Your copy should begin at the line containing "Frame at 5.7 s after image 1." and end at the last line of the records; transcribe those lines exactly and leave out every picture.

[Items from a dataset]
# # #

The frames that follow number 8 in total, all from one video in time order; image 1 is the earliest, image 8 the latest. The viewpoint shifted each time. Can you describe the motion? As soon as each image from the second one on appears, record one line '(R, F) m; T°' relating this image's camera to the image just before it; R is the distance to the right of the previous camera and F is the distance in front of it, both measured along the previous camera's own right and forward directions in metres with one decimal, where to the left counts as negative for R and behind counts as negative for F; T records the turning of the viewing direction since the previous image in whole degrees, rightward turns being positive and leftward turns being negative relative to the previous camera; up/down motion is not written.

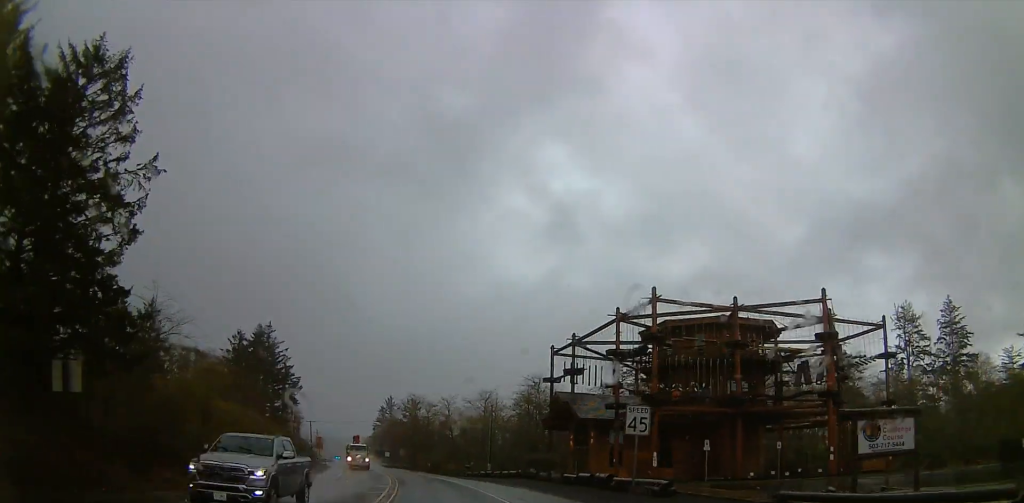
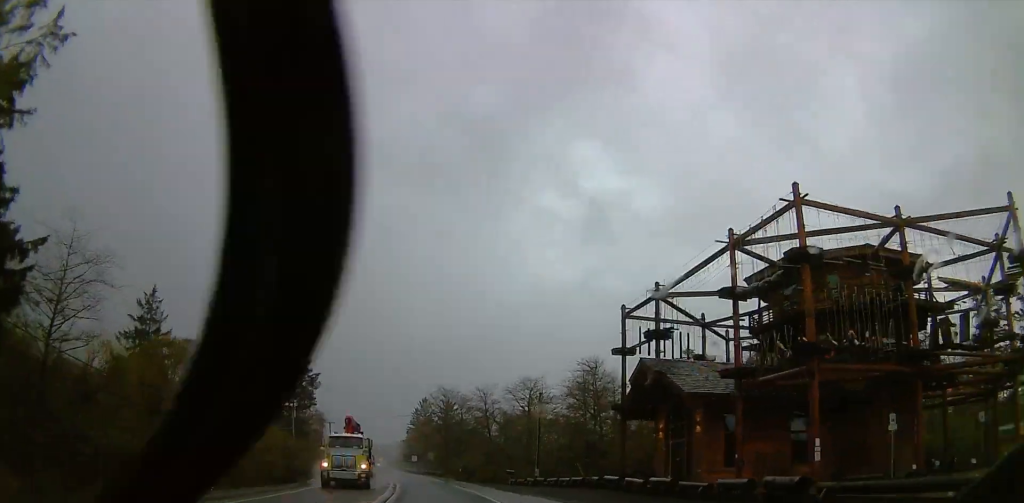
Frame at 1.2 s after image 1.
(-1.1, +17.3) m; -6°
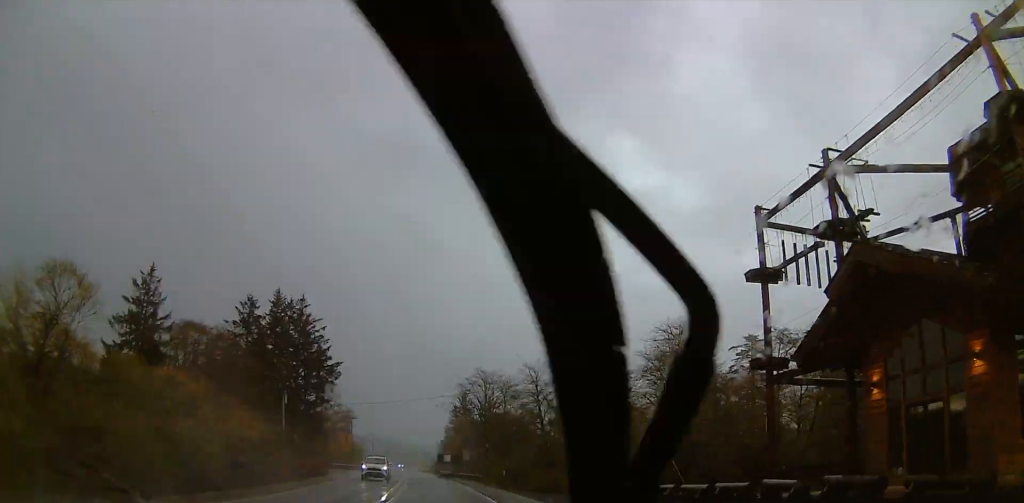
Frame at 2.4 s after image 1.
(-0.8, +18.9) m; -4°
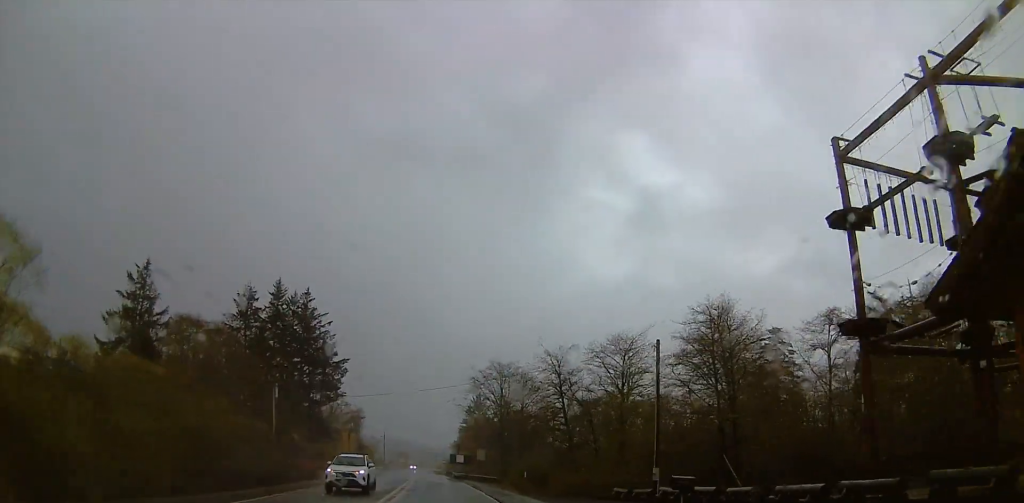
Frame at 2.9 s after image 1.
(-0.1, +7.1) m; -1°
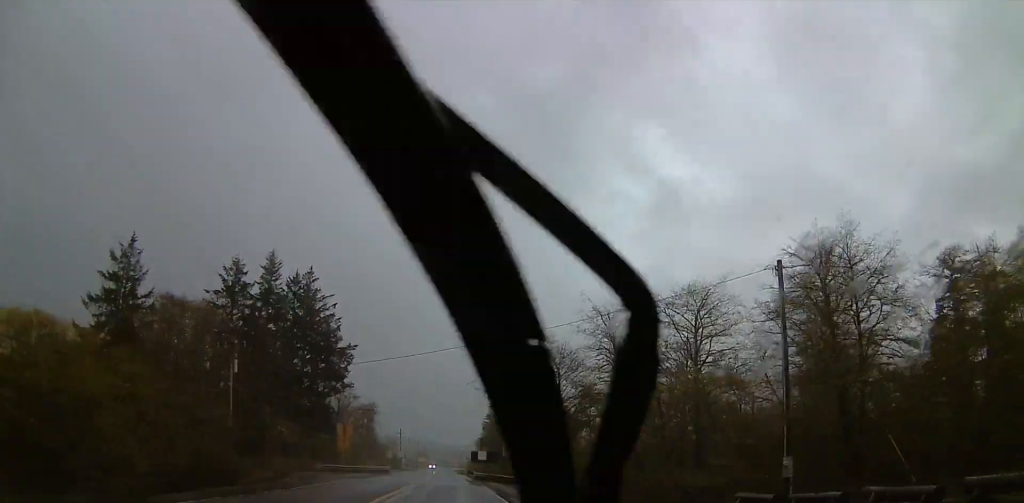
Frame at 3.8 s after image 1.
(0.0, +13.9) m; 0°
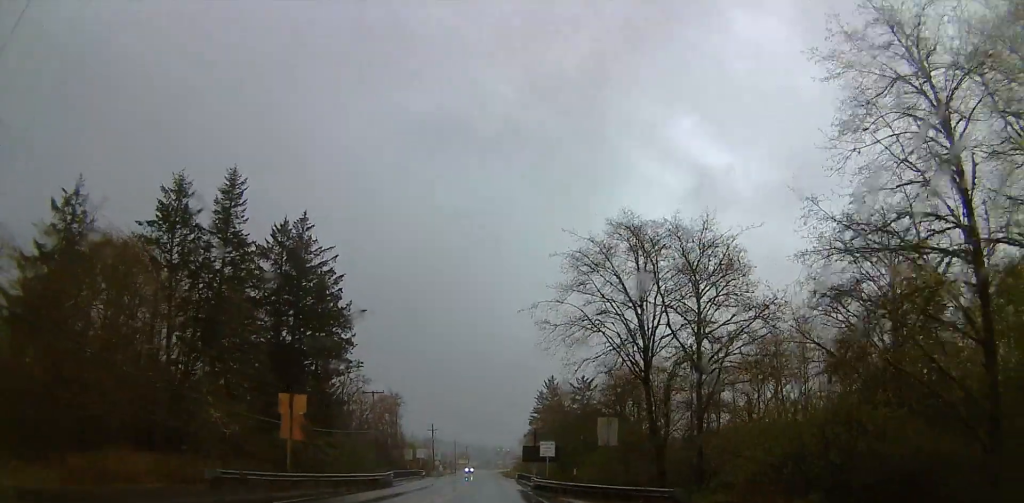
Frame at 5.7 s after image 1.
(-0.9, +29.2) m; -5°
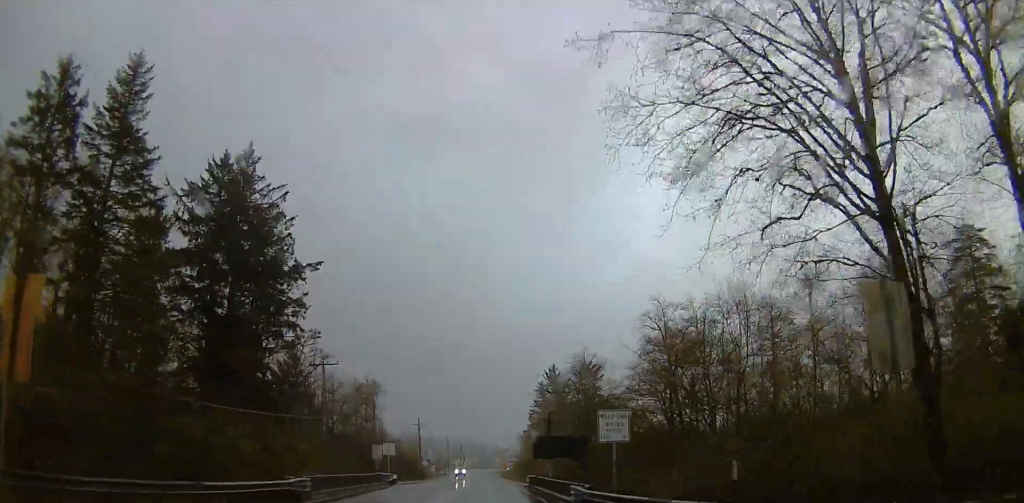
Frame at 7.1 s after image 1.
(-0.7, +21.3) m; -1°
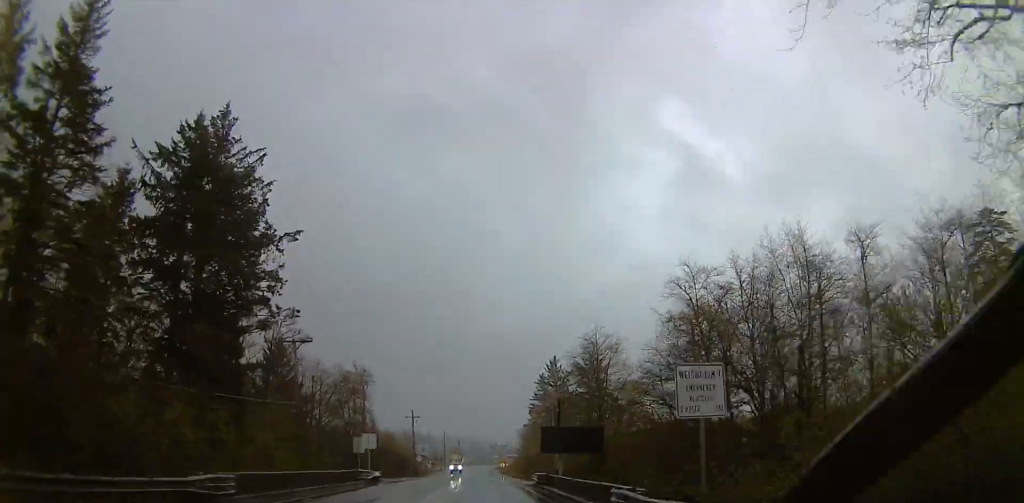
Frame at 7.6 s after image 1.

# # #

- Response
Frame at 5.7 s after image 1.
(-0.9, +29.2) m; -5°
Frame at 7.1 s after image 1.
(-0.7, +21.3) m; -1°
Frame at 7.6 s after image 1.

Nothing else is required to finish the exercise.